**Your objective:** Pictures do not belong in the copy; print every entry exactly as it stands.

---*---

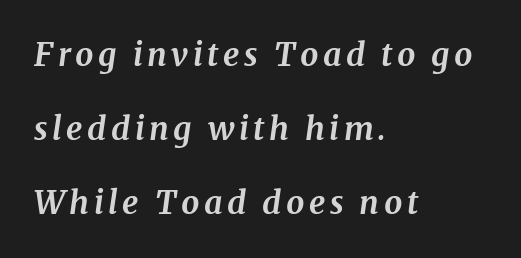
Q: Is the text bold? A: Yes.
Q: Is the text italic (slanted)? A: Yes, it leans right by about 8 degrees.
Q: Is the typeface a serif or a sans-serif typeface? A: Serif.
Q: Is the text underlined? A: No.
Q: How is the paragraph aligned? A: Left-aligned.
Q: Is the spacing between lines tight, normal or loose? A: Loose.
Q: Width (condensed, normal, or wide)? A: Normal.
Q: Stroke contrast? A: Medium.
Q: x-height? A: Medium.
Q: Monospaced? A: No.
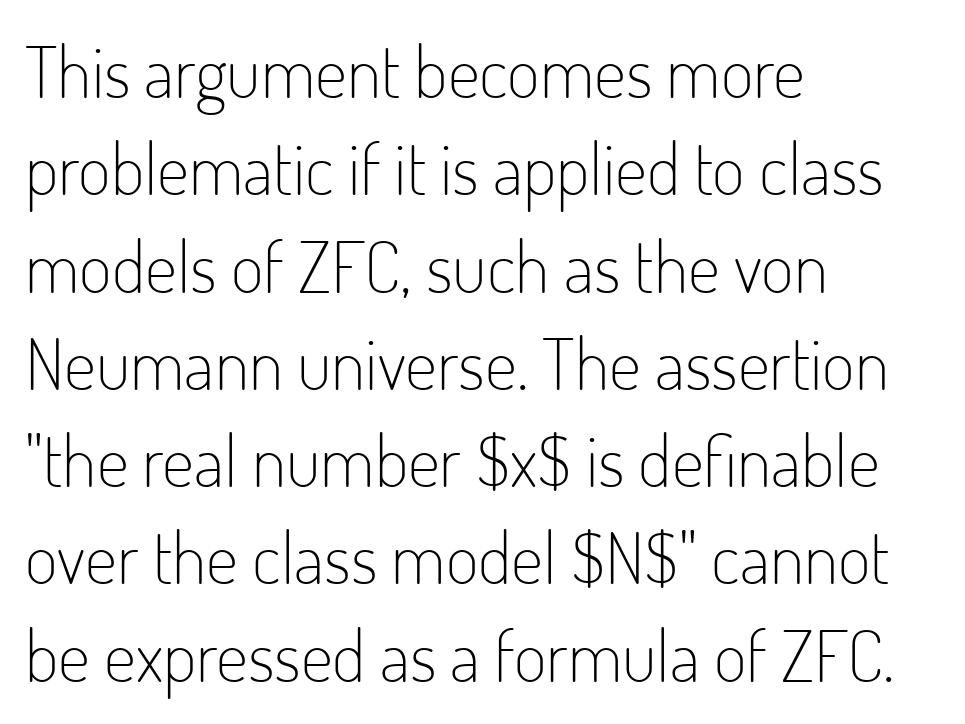
{"serif": "no", "italic": "no", "bold": "no", "weight": "light", "width": "condensed", "stroke_contrast": "low", "x_height": "small", "monospaced": "no", "underline": "no", "align": "left", "line_spacing": "normal", "line_spacing_ratio": 1.37, "letter_spacing": "normal", "letter_spacing_em": 0.0, "glyph_px": 71}

---*---

**Solution to this problem:**
Q: Is the text bold? A: Yes.
Q: Is the text italic (slanted)? A: Yes, it leans right by about 8 degrees.
Q: Is the typeface a serif or a sans-serif typeface? A: Serif.
Q: Is the text underlined? A: No.
Q: How is the paragraph aligned? A: Left-aligned.
Q: Is the spacing between lines tight, normal or loose? A: Loose.
Q: Width (condensed, normal, or wide)? A: Normal.
Q: Stroke contrast? A: Medium.
Q: x-height? A: Medium.
Q: Monospaced? A: No.
{"serif": "no", "italic": "no", "bold": "no", "weight": "light", "width": "condensed", "stroke_contrast": "low", "x_height": "small", "monospaced": "no", "underline": "no", "align": "left", "line_spacing": "normal", "line_spacing_ratio": 1.37, "letter_spacing": "normal", "letter_spacing_em": 0.0, "glyph_px": 71}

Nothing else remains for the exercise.